*** Opening LISTED ENTRIES ***
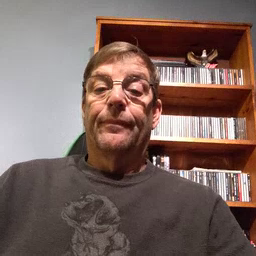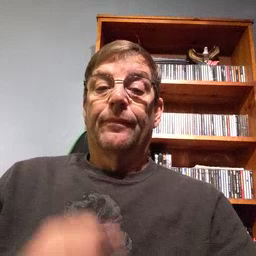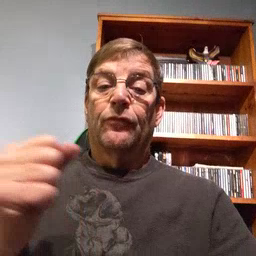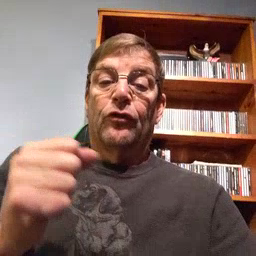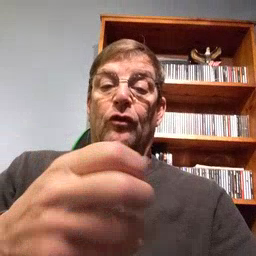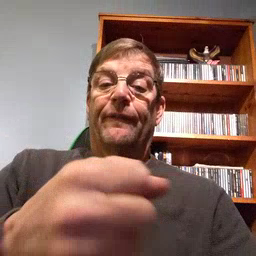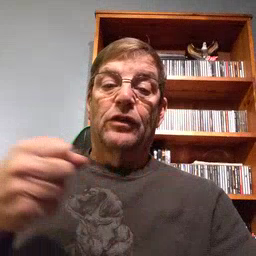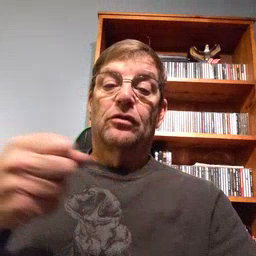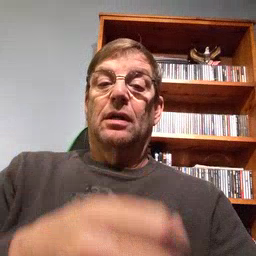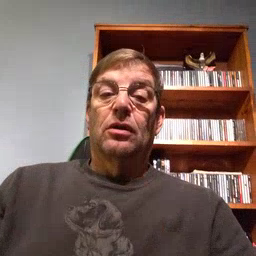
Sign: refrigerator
*** Closing LISTED ENTRIES ***
*** Opening LISTED ENTRIES ***
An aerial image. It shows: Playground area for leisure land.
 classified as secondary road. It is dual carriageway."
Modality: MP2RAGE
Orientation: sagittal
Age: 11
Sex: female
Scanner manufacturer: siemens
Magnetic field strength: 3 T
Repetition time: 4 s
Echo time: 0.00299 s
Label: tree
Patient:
*** Closing LISTED ENTRIES ***
WHAT IS EXPECTED | Using the records above, copy word for word the line with "An aerial image.", the line with "Repetition time: 4 s", and every line between them.

WRITTEN ANSWER |
An aerial image. It shows: Playground area for leisure land.
 classified as secondary road. It is dual carriageway."
Modality: MP2RAGE
Orientation: sagittal
Age: 11
Sex: female
Scanner manufacturer: siemens
Magnetic field strength: 3 T
Repetition time: 4 s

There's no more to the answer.